Открытие неевклидовых геометрий привело к радикальному изменению понимания задач геометрической науки. Изложенный в Эрлангенской программе взгляд на геометрию как на изучение инвариантов действий групп преобразований пространств знаменовал собой разрыв с прежними представлениями и идейное сближение с математическим анализом, потребность в обосновании которого привела к исследованиям Больцано, Коши и Вейерштрасса. При цитировании общеизвестной фразы Энгельса, гласящей, что вместе с дифференциальным исчислением в математику вошло движение, не всегда принимается во внимание, что непосредственно вошло в нее только представление о движении, причем именно о механическом перемещении. Адекватный понятийный аппарат создавался более ста лет, и в течение этого срока отсутствие научных понятий делало возможными и даже неизбежными споры, которые нашему современнику кажутся детски наивными. Эти споры были показателем того, что человечество освоило механическую форму движения материи настолько, что дальнейшее развитие было невозможным без обоснования предшествующих результатов, т. е. без понимания (понятия) достигнутого. Они и прекратились, когда Коши и Вейерштрасс провели арифметизацию анализа.
До сих пор зависимость продвижения в обосновании математики от освоения всеобщих форм движения материи была очевидной. И на первый взгляд, кризис начала прошлого века никак не связан с предметно-практической деятельностью человечества. Но именно к этому времени перед человечеством встала задача освоения высшей формы движения материи - общественной. Важность учета и контроля для социализма не нуждается в разъяснениях, как не нуждается в них и важность науки статистики для учета и контроля. Но статистика в целом требует развития методов математической статистики и теории вероятностей, следовательно, теории меры, а значит, и теории множеств. В этом смысле можно сказать, что исследования по теории множеств входили в те условия решения задачи перехода к социализму, которое должны быть налицо для того, чтобы человечество поставило перед собой эту задачу.

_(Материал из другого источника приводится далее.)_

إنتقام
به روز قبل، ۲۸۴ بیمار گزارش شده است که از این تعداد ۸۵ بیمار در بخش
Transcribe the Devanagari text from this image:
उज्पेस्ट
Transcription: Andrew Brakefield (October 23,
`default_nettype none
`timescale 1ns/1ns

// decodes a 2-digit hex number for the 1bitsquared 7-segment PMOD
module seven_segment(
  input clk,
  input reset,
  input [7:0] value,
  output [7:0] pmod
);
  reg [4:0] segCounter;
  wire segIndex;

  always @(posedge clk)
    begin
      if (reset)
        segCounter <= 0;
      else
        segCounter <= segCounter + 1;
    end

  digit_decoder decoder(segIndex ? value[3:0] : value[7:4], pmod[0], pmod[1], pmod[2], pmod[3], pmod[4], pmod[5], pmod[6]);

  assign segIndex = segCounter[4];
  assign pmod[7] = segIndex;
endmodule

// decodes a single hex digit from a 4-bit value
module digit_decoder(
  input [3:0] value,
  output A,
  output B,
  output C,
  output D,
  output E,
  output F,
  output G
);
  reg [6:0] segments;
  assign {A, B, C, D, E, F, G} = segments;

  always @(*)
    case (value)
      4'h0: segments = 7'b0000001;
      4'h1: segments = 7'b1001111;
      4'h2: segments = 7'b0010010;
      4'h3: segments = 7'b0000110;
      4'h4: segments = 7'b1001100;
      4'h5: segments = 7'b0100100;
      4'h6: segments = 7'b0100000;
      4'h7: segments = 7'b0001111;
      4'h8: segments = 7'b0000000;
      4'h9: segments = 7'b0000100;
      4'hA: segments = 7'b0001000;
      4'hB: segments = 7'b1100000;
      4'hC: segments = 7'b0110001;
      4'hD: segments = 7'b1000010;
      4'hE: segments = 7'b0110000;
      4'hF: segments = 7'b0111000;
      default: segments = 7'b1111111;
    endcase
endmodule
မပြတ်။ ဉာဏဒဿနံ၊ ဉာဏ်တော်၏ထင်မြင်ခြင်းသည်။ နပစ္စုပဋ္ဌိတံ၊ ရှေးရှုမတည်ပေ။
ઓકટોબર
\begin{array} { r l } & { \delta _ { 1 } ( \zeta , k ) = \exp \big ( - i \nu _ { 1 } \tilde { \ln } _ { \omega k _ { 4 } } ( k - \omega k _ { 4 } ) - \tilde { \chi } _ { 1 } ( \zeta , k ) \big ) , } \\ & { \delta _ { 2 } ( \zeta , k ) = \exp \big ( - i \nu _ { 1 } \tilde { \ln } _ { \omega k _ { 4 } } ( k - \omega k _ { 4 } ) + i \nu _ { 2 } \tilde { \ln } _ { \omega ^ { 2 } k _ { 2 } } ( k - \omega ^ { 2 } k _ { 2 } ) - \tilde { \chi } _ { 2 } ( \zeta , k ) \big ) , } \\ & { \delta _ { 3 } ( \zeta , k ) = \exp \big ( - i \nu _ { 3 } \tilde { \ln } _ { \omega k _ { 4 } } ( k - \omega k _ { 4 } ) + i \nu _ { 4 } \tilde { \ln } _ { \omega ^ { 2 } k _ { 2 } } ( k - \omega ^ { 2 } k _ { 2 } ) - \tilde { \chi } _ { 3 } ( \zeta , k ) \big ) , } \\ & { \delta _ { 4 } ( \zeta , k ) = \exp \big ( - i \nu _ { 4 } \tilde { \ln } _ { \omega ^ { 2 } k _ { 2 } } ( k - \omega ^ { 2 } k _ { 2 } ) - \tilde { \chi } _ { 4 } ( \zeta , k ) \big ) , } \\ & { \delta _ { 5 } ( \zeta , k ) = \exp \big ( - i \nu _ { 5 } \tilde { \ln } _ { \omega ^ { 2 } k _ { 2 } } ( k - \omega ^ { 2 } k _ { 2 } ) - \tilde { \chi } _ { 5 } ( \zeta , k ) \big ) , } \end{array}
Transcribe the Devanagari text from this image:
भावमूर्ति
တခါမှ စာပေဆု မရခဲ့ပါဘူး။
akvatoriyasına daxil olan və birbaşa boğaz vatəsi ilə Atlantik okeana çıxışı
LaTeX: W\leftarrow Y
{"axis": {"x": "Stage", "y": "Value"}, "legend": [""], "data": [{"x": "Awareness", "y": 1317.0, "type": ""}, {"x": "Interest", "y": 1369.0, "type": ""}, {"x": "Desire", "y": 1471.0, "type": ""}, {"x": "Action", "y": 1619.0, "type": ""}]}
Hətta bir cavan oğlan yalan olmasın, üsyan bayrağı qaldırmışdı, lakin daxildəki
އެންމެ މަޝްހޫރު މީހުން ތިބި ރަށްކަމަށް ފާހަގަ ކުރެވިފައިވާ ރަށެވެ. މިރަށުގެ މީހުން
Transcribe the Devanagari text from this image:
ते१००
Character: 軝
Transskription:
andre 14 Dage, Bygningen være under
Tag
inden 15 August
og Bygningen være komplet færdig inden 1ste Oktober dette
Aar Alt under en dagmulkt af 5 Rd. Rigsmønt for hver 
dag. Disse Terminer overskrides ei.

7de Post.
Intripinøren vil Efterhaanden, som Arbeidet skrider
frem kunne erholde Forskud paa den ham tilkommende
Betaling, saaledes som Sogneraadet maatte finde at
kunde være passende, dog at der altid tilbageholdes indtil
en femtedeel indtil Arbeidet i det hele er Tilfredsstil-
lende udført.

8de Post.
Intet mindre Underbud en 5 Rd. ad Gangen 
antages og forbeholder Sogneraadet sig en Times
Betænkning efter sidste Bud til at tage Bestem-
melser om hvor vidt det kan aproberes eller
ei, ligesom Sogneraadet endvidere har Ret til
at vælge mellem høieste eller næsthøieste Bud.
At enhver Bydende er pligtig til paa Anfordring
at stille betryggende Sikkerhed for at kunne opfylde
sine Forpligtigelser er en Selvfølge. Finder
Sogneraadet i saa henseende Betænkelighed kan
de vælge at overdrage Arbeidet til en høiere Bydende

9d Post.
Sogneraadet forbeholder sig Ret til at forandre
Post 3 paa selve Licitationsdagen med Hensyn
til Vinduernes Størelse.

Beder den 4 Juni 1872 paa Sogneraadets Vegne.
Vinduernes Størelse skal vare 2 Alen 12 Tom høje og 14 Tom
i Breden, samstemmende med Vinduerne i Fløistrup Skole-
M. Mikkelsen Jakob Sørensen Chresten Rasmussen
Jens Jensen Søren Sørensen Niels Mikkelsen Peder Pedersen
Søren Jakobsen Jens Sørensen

Кризис, наступивший при попытках освоения всеобщего, как раз и был симптомом того, что формальная логика, прекрасно зарекомендовавшая себя при становлении капитализма, должна сдать диалектике свою роль способа мышления, когда на повестку дня ставится освоение общественной формы движения материи. Рациональные зерна целыми россыпями можно находить во всех трех основных подходах к обоснованию математики, но невозможность связать их в непротиворечивую систему (как того требует позитивистская «логика науки») обескураживает исследователей. Ничего удивительного в этом нет; такого положения не избежать, если не признавать, что наука есть отражение противоречивой действительности и не уметь разрешать противоречия в науке адекватным действительности образом.